══ EXTRACTED INFORMATION

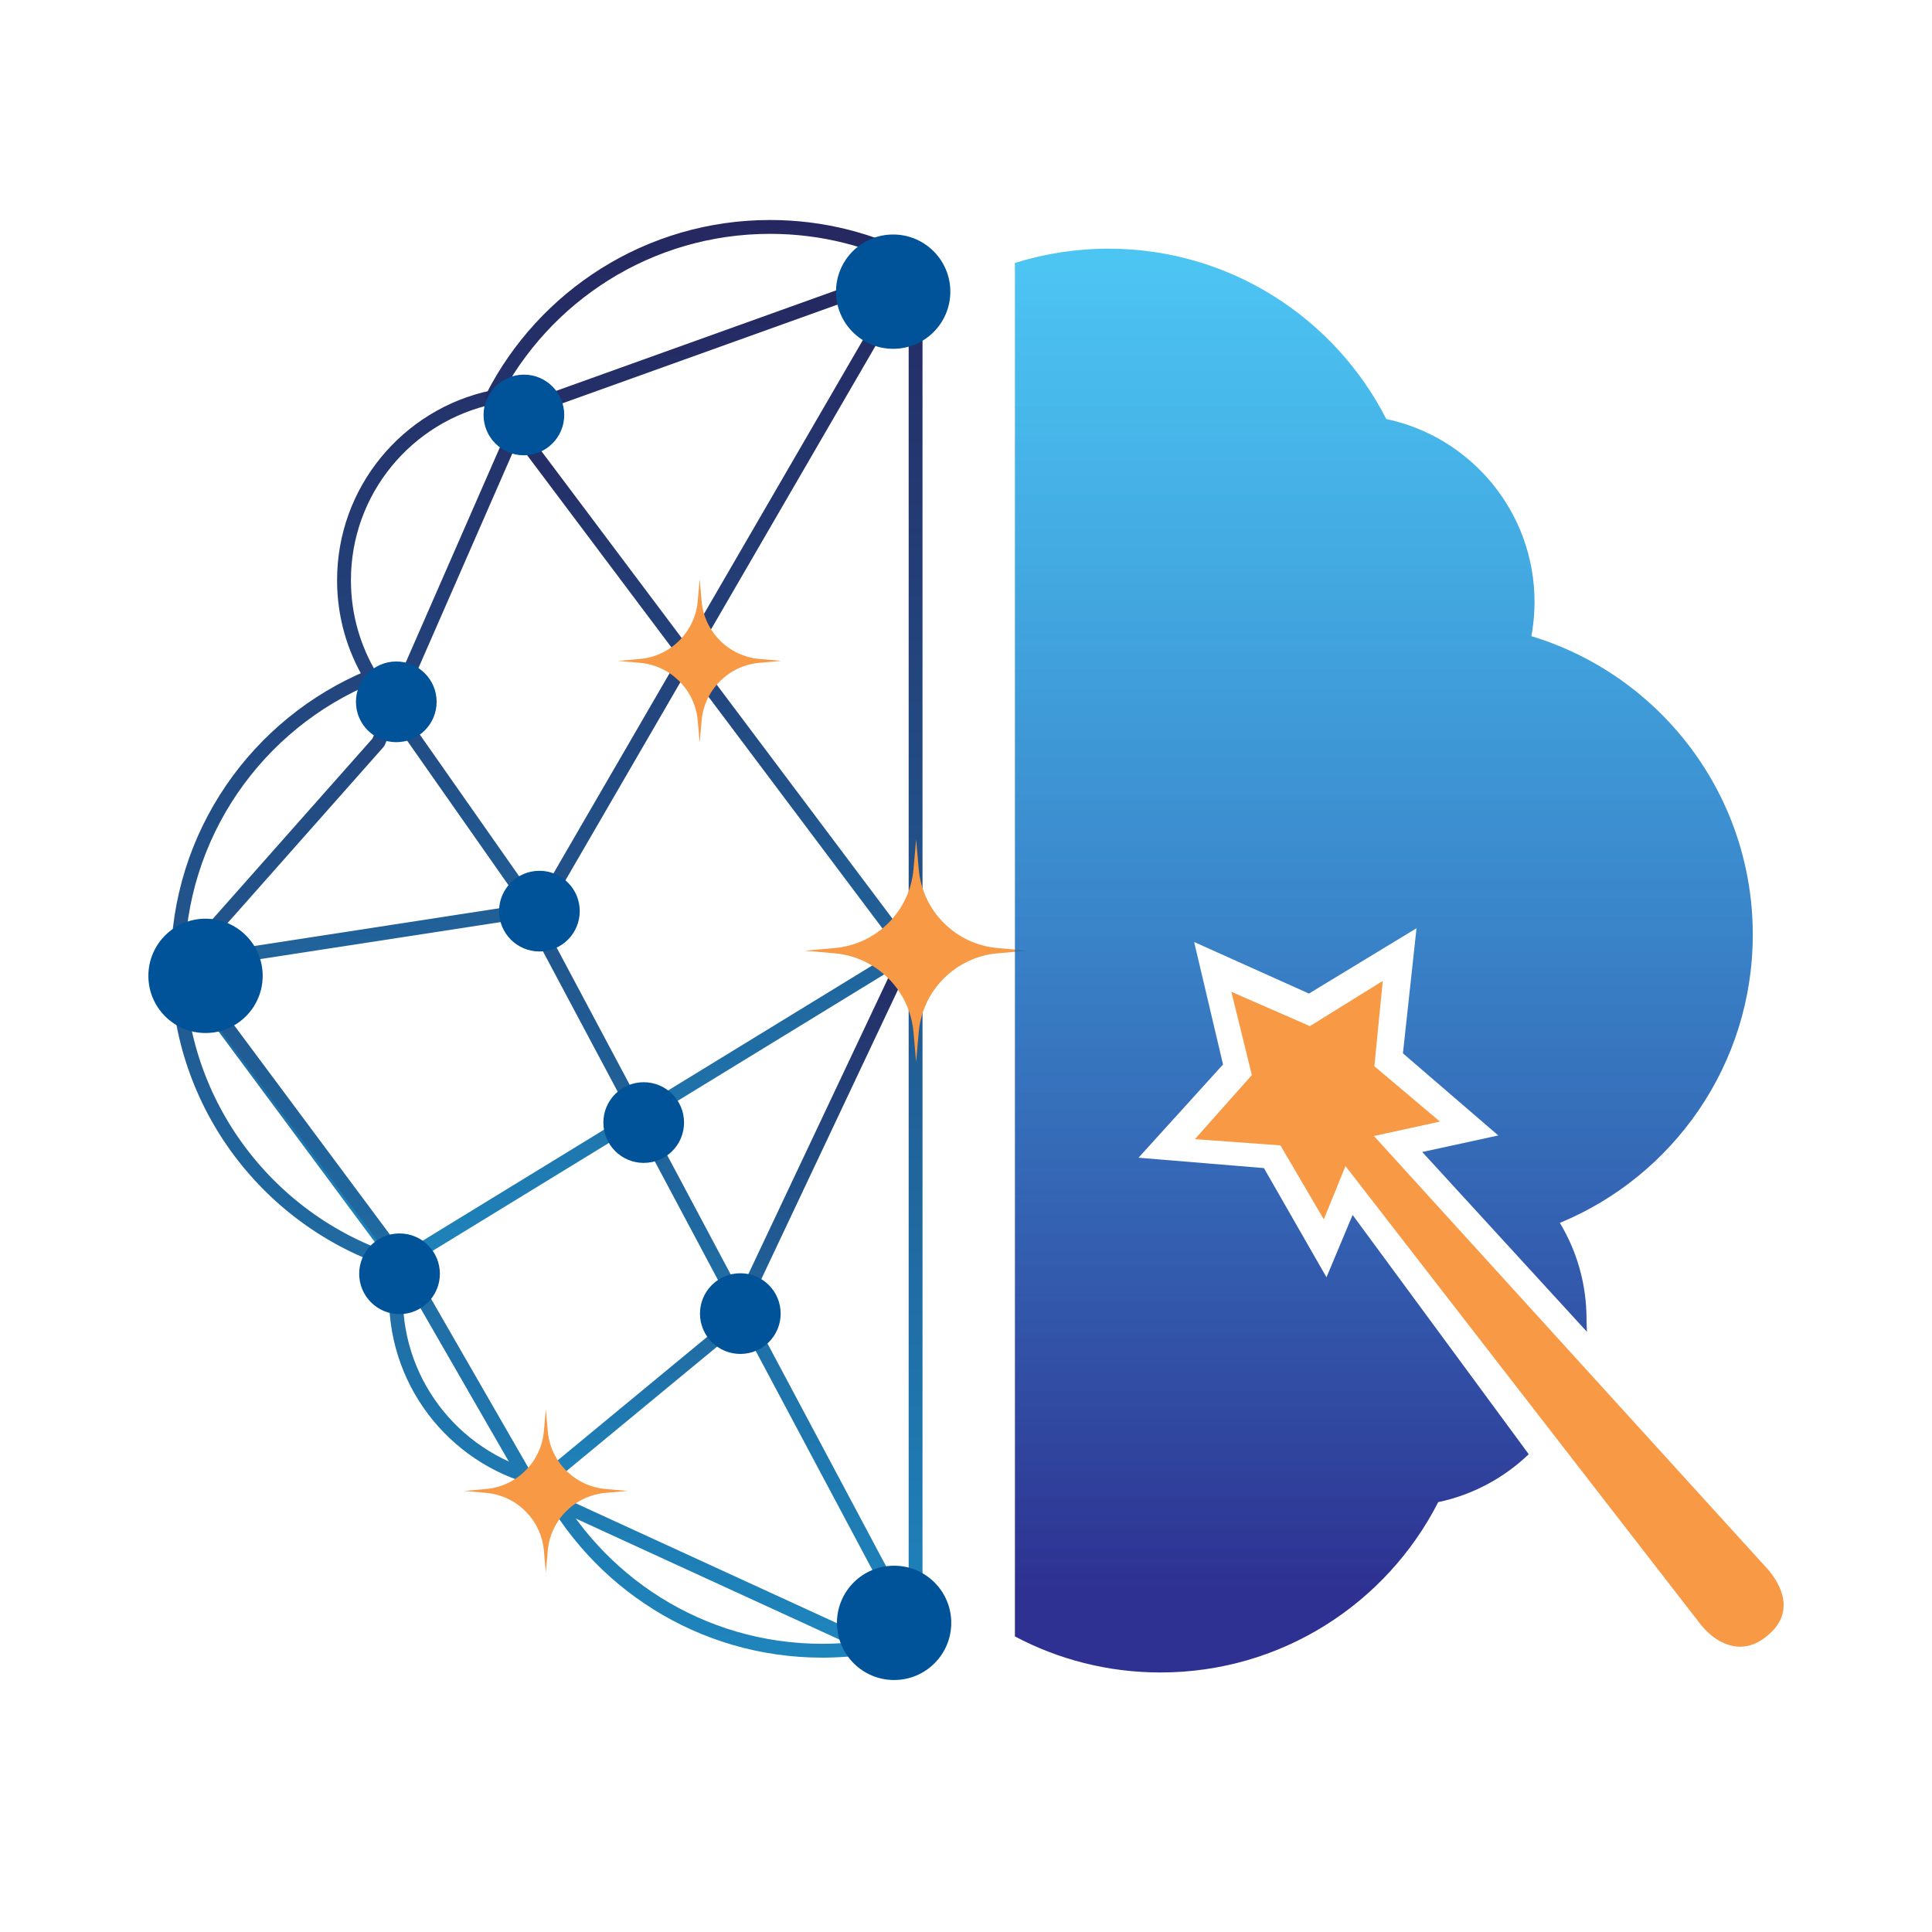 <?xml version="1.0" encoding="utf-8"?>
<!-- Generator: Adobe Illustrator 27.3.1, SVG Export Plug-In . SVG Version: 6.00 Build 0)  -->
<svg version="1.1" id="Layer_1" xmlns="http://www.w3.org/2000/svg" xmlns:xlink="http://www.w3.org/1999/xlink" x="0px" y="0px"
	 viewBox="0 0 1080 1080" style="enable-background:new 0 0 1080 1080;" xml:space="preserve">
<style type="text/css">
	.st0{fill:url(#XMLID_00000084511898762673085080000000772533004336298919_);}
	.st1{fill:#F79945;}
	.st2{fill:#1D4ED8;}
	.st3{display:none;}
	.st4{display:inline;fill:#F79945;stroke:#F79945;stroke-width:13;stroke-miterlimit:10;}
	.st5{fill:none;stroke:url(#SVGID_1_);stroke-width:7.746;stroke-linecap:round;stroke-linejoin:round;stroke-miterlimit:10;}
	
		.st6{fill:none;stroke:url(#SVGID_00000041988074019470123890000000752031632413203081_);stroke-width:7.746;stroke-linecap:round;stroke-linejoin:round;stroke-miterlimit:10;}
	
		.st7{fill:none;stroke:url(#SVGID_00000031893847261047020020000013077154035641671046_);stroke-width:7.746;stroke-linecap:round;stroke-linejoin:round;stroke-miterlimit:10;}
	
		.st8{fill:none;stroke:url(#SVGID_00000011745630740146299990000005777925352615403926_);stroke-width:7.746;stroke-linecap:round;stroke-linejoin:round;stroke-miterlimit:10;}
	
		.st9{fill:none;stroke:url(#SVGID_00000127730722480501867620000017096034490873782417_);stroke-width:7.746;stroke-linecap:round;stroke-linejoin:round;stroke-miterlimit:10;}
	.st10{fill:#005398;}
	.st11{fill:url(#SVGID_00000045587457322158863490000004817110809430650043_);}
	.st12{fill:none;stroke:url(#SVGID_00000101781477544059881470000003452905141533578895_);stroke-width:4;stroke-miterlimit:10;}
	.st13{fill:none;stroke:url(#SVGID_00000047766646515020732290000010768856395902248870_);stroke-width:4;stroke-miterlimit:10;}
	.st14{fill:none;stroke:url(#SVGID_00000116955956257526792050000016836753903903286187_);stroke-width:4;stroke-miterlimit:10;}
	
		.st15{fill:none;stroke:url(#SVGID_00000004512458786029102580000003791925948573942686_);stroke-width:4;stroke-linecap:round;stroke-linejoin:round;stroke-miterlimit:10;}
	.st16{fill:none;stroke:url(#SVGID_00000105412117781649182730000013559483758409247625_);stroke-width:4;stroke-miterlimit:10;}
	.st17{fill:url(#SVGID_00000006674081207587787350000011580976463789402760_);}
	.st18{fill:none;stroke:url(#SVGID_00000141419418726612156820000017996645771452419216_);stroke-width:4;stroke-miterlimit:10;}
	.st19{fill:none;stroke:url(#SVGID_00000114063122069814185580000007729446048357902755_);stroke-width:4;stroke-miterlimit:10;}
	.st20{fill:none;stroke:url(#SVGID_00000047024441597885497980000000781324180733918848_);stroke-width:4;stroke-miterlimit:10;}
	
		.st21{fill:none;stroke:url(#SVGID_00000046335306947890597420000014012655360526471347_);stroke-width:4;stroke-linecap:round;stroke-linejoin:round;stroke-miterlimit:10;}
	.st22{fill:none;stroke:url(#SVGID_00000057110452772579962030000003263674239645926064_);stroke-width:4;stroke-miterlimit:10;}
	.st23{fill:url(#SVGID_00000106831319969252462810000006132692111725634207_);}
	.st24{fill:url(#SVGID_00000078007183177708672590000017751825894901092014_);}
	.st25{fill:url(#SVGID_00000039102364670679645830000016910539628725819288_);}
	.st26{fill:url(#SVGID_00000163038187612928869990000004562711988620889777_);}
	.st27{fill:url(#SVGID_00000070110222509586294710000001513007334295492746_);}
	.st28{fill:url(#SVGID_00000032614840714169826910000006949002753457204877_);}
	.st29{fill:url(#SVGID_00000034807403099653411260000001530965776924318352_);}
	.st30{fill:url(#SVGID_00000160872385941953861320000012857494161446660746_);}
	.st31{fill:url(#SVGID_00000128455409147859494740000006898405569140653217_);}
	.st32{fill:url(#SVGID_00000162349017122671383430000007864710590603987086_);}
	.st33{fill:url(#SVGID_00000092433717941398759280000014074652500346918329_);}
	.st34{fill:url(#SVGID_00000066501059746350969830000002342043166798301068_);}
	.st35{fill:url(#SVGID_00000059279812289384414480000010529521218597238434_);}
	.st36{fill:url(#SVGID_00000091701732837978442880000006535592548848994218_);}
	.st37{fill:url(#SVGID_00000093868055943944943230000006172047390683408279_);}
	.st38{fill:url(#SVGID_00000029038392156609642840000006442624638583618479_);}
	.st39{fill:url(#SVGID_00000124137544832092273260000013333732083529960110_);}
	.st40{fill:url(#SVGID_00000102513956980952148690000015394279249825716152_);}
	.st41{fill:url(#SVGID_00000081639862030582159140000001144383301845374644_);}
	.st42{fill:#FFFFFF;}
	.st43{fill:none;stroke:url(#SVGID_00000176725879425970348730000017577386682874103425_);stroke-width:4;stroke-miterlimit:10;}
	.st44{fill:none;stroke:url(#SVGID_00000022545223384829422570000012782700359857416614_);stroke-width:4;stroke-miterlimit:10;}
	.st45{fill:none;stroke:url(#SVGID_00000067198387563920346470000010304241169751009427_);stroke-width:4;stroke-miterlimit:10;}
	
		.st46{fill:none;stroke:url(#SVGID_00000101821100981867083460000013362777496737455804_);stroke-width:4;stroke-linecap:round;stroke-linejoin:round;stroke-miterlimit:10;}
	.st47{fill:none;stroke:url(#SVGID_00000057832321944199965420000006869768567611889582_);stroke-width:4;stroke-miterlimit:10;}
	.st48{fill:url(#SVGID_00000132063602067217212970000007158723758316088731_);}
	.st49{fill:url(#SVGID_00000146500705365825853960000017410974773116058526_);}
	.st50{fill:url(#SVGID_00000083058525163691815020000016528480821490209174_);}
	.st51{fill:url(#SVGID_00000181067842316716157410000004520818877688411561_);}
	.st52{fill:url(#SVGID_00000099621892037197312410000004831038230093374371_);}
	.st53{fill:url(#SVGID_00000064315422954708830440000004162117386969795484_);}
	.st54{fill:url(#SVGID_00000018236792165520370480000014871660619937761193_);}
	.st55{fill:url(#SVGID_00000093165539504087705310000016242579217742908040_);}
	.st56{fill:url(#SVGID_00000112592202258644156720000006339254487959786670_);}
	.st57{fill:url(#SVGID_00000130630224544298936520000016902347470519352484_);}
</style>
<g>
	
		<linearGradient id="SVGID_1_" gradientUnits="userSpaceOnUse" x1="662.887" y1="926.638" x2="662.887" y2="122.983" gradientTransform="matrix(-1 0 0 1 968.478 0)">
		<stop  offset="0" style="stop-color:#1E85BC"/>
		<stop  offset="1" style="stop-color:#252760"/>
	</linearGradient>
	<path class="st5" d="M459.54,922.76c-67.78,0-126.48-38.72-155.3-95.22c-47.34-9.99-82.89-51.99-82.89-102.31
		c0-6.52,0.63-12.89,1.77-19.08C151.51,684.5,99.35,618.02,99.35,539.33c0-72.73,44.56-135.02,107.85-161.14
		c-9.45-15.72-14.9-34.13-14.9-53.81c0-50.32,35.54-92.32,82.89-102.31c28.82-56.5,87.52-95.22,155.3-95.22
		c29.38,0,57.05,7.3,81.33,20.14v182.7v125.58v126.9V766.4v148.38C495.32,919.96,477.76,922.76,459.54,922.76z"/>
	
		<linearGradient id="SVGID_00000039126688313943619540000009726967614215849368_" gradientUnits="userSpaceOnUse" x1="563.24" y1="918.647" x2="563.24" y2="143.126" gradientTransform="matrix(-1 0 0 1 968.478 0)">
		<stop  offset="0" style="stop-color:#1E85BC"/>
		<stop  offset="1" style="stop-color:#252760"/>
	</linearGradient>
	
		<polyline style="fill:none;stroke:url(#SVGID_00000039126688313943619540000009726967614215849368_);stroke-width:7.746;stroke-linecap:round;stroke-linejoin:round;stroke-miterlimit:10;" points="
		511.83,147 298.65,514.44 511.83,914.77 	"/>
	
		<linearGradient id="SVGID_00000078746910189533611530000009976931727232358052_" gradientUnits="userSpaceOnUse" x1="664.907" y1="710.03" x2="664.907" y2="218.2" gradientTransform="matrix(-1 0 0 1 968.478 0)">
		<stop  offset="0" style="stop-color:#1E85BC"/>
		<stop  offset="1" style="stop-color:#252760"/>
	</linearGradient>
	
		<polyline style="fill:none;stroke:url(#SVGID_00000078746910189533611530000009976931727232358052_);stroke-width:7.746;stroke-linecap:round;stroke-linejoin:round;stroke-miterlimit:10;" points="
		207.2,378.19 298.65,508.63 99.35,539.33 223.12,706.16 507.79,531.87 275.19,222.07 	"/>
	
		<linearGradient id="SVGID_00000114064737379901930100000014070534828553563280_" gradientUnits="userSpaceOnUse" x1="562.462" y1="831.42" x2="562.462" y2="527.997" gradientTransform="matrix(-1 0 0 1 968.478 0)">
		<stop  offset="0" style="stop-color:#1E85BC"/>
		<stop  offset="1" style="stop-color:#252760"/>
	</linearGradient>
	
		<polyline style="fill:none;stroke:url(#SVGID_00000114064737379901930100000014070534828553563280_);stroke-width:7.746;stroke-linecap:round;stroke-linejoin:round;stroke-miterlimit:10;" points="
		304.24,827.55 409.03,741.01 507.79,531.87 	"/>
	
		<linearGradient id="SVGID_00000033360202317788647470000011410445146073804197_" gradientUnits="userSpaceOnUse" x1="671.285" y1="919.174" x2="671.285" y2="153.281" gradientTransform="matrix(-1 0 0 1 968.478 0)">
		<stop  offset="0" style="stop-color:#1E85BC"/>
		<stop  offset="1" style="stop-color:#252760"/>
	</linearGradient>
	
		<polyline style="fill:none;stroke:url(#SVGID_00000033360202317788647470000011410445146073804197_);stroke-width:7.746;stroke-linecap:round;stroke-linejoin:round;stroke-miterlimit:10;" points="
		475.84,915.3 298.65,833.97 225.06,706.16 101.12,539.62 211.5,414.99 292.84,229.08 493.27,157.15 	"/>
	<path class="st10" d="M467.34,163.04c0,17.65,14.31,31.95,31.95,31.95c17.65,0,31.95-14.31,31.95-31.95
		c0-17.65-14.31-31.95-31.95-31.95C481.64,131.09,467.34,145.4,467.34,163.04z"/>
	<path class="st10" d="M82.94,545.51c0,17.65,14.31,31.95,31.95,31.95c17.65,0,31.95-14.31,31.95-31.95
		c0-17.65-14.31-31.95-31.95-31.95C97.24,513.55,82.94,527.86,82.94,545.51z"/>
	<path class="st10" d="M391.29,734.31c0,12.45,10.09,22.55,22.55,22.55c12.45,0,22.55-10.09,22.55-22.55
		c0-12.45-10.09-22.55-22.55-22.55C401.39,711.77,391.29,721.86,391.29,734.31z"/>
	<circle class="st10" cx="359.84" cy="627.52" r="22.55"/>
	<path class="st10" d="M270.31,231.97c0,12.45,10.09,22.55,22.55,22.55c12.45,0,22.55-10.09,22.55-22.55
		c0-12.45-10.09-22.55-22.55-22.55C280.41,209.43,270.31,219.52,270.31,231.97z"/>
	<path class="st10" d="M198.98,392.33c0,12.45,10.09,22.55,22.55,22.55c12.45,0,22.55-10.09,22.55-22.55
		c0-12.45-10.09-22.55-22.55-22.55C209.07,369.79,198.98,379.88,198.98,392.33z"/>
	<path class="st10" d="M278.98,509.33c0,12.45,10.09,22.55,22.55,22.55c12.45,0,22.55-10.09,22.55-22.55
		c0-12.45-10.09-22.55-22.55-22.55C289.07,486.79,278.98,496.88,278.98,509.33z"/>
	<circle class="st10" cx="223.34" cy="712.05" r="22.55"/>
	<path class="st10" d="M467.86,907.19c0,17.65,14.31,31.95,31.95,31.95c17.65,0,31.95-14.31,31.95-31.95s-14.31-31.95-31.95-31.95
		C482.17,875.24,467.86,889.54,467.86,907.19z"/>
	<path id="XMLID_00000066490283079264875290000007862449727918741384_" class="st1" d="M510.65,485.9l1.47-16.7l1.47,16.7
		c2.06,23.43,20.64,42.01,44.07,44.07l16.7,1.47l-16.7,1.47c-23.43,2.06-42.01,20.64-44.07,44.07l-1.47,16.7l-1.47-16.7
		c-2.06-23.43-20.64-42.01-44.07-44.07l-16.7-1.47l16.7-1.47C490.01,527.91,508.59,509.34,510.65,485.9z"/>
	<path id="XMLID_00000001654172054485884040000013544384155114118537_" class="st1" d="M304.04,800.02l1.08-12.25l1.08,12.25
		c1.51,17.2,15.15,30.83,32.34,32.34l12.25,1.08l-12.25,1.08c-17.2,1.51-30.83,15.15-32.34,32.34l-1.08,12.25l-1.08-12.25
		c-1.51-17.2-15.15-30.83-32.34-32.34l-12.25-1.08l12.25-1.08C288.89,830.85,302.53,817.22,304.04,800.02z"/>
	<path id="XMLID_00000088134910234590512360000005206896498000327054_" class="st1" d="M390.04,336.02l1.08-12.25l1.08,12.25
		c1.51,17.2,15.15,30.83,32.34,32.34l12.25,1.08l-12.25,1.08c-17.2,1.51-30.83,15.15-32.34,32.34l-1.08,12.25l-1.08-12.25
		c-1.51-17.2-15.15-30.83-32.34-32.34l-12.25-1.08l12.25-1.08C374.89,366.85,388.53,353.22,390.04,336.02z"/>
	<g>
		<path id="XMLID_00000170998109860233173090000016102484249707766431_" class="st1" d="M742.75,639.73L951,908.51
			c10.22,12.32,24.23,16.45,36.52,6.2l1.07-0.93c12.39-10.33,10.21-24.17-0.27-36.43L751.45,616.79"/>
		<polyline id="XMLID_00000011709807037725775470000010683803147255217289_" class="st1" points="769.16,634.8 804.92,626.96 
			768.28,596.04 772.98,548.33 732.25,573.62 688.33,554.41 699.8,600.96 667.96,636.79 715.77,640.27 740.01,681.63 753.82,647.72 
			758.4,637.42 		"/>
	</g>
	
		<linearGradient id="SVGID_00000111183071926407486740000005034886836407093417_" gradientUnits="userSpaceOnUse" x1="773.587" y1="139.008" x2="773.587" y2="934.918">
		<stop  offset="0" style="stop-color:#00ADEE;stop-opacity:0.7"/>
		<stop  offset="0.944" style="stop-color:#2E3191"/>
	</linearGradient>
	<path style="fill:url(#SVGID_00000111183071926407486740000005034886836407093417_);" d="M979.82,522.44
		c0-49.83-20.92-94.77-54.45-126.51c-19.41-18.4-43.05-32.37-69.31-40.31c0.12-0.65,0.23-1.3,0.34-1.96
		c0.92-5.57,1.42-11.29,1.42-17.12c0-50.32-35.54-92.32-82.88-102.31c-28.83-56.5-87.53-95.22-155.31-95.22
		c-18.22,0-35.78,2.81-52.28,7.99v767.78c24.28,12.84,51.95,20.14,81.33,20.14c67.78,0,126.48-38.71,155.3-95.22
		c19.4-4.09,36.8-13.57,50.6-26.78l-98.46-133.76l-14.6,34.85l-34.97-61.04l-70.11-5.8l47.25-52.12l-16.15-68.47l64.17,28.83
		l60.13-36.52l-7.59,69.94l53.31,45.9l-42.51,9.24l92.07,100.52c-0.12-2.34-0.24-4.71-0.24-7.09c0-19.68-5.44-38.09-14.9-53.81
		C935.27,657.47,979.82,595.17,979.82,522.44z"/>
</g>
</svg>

════

Lines of the listing above that contain the word "circle" must all be copied.

	<circle class="st10" cx="359.84" cy="627.52" r="22.55"/>
	<circle class="st10" cx="223.34" cy="712.05" r="22.55"/>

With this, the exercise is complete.